Problem to work on: Read the lines below, and copy any that contain the string "Supported".

Task input:
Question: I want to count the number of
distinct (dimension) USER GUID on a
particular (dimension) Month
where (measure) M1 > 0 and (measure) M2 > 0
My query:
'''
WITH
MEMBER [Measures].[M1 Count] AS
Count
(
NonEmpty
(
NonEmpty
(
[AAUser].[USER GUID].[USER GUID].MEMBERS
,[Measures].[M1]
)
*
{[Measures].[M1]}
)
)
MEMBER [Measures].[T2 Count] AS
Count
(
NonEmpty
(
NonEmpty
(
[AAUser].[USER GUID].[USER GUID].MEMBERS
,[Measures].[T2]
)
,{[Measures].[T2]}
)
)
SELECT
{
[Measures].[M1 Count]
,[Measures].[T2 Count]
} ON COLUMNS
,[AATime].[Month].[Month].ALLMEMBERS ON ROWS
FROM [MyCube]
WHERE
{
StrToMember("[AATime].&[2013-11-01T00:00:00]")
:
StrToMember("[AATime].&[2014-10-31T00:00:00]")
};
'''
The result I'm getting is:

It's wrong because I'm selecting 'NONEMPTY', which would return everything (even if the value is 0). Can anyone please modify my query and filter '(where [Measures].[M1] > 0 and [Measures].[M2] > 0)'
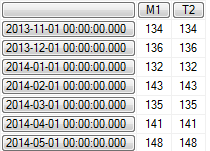
Answer: (Not tested) Maybe you can use the function 'filter':
'''
WITH
MEMBER [Measures].[M1 Count] AS
Count
(
NonEmpty
(
NonEmpty
(
filter(
[AAUser].[USER GUID].[USER GUID].MEMBERS
, ([Measures].[M1] > 0 AND [Measures].[M2] > 0)
)
,[Measures].[M1]
)
*
{[Measures].[M1]}
)
)
MEMBER [Measures].[T2 Count] AS
Count
(
NonEmpty
(
NonEmpty
(
filter(
[AAUser].[USER GUID].[USER GUID].MEMBERS
, ([Measures].[M1] > 0 AND [Measures].[M2] > 0)
)
,[Measures].[T2]
)
,{[Measures].[T2]}
)
)
SELECT
{
[Measures].[M1 Count]
,[Measures].[T2 Count]
} ON COLUMNS
,[AATime].[Month].[Month].ALLMEMBERS ON ROWS
FROM [MyCube]
'''
But maybe something along these lines will work better?
'''
WITH
MEMBER [Measures].[M1 Count] AS
Sum
(
[AAUser].[USER GUID].[USER GUID]
,IIF
(
[Measures].[M1] > 0 AND [Measures].[M2] > 0
,1
,NULL
)
)
MEMBER [Measures].[T2 Count] AS
Sum
(
NonEmpty
(
[AAUser].[USER GUID].[USER GUID]
,[Measures].[T2]
)
,IIF
(
[Measures].[M1] > 0 AND [Measures].[M2] > 0
,1
,NULL
)
)
SELECT
{
[Measures].[M1 Count]
,[Measures].[T2 Count]
} ON COLUMNS
,[AATime].[Month].[Month].ALLMEMBERS ON ROWS
FROM [MyCube];
'''
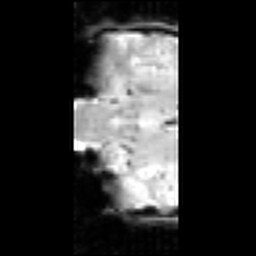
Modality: inplaneT2
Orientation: coronal
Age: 21
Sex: male
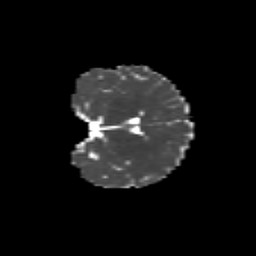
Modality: MD
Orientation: coronal
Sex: female
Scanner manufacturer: siemens
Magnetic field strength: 3 T
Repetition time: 5 s
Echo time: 0.071 s
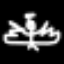
Label: angel
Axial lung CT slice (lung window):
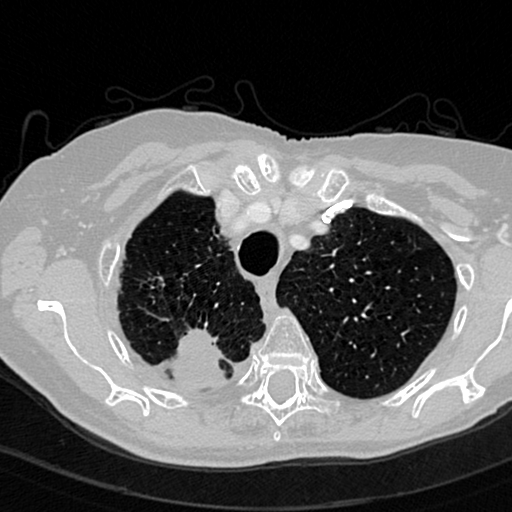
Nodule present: no
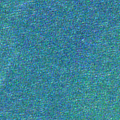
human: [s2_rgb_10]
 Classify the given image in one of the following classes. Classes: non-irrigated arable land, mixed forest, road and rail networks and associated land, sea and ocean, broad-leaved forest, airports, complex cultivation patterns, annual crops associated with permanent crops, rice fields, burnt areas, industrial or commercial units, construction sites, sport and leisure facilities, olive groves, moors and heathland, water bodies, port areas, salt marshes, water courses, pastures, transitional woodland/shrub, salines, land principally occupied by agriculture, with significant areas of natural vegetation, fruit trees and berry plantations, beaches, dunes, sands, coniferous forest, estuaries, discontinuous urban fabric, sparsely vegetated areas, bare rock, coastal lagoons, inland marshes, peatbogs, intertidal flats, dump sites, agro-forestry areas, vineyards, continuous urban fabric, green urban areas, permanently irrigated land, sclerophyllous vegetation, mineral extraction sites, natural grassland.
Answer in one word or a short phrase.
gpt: sea and ocean
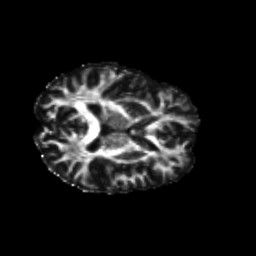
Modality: FA
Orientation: axial
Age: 56
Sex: male
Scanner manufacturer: siemens
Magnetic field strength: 3 T
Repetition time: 8.6 s
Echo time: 0.095 s
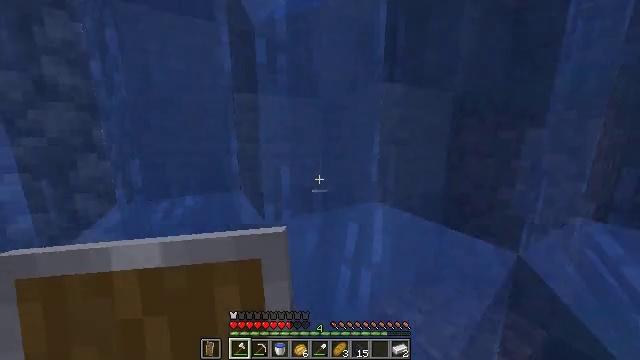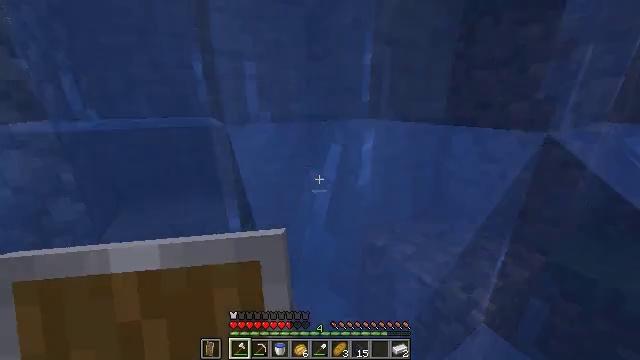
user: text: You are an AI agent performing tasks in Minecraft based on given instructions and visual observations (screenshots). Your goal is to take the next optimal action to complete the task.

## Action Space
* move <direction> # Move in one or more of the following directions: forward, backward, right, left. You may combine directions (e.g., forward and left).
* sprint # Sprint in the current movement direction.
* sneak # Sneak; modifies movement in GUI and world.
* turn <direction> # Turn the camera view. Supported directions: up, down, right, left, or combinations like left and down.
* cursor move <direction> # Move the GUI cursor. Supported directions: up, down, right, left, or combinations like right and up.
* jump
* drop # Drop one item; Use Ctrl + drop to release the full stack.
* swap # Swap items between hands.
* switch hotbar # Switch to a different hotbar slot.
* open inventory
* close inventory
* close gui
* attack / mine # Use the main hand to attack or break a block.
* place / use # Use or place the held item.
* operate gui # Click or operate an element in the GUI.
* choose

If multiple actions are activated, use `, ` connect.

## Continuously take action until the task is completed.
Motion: motion action
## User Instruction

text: Fish and kill the salmon.
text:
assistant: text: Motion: move forward, sprint, turn right and down, jump
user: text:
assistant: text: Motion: sprint, jump
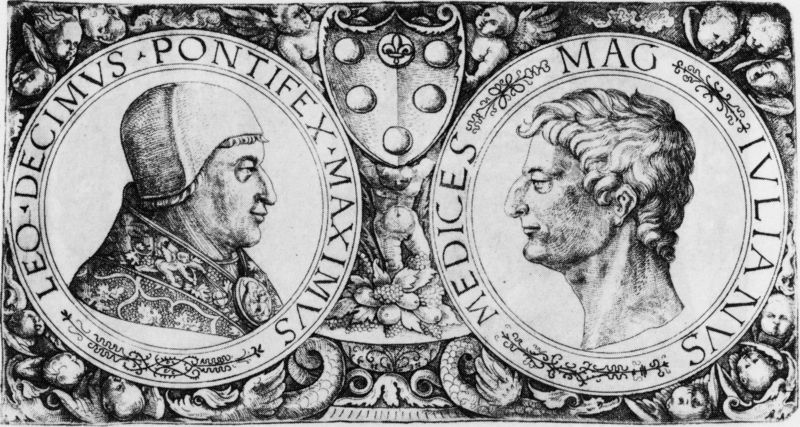
Titel: Doppelbildnis von Papst Leo X und seinem Bruder Giuliano de Medici
Künstler: Daniel Hopfer
Institution: (Seriendruck)
Schlagwörter: blätter, flügel, mann, weiß, frisur, grau, haar, köpfe, mund, männer, nase, ohr, profil, schwarz, blick, obst, haube, ornament, gesichter, kappe, profile, augen, gesicht, rahmen, schale, bild, bildnis, hals, portrait, porträt, kirche, auge, geistlicher, haare, mantel, brosche, kinn, lippen, locken, renaissance, kreis, rund, tondo, engel, früchte, putte, putto, lächeln, schrift, italien, zwei, grafik, graphik, figuren, papst, münder, nasen, inschrift, floral, ornamente, verzierung, lider, geschwister, doppelbildnis, doppelporträt, medaillon, porträts, druck, druckgraphik, druckgrafik, radierung, stich, schwarzweiß, kugeln, lilie, portraits, brokat, wappen, fisch, florenz, büsten, brüder, putten, kupferstich, putti, leo, ornat, römisch, münze, medici, inschriften, latein, vergleich, graphil, augustus, maximus, medaillons, münzen, abt, julius, lid, goldkugeln, leo 10, leo x, leo x., papst leo, pontifex, pabst, medaillen, nachfolge, medicci, mediciwappen, engelkopf, orifil, adlernase, legitimation, pillen, leo decimus pontifex maximus, iulis, legitimationsstrategie
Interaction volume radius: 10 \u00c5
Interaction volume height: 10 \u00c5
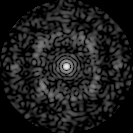
Disorder parameter: 0.7416
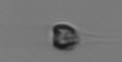
Label: Apedinella
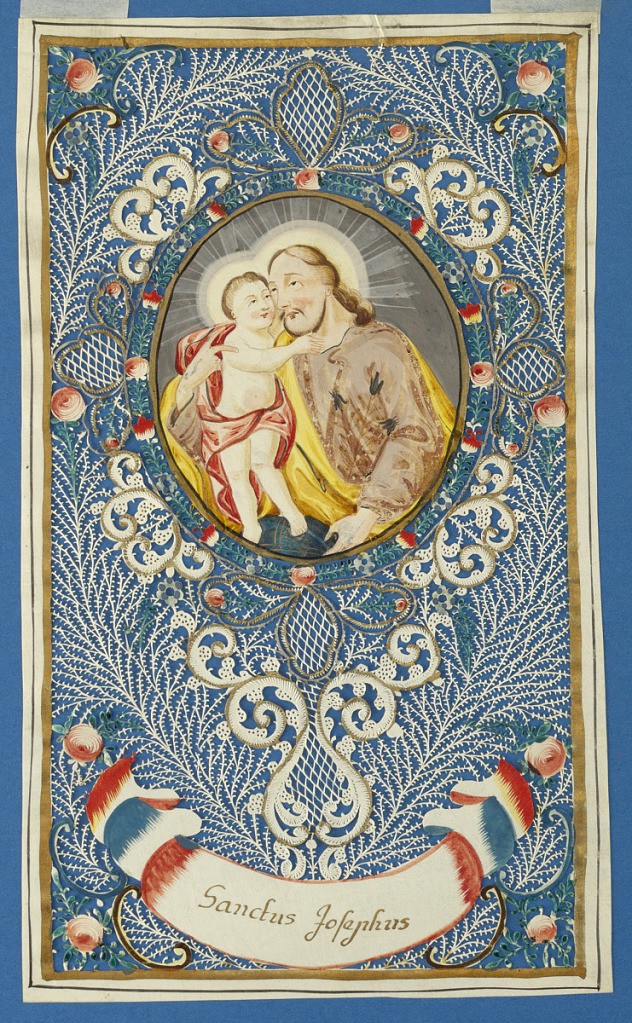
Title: Cut-Paper Devotional Picture: Saint Joseph with the Christ Child
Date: ca. 1750
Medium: Cut-paper, brush and watercolor, brush and gold paint on paper
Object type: Cut-Out
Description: Oval picture of Saint Joseph holding the Christ Child, within a cartouche of cut paperwork decorated with roses. Below, an inscriptional ribbon, inscribed in gold ink: "Scantus Josephus". Gold framing lines.
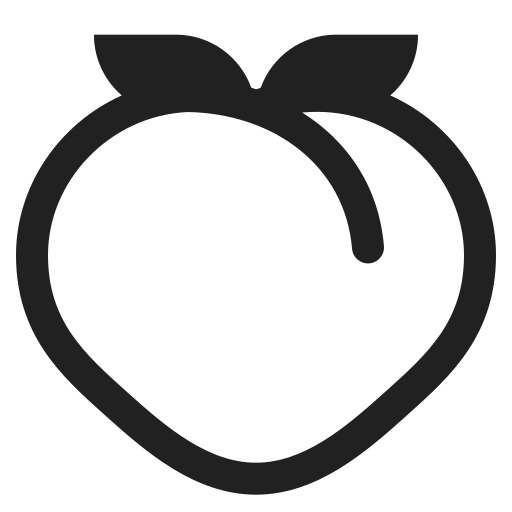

Result:
* turn <direction> # Turn the camera view. Supported directions: up, down, right, left, or combinations like left and down.
* cursor move <direction> # Move the GUI cursor. Supported directions: up, down, right, left, or combinations like right and up.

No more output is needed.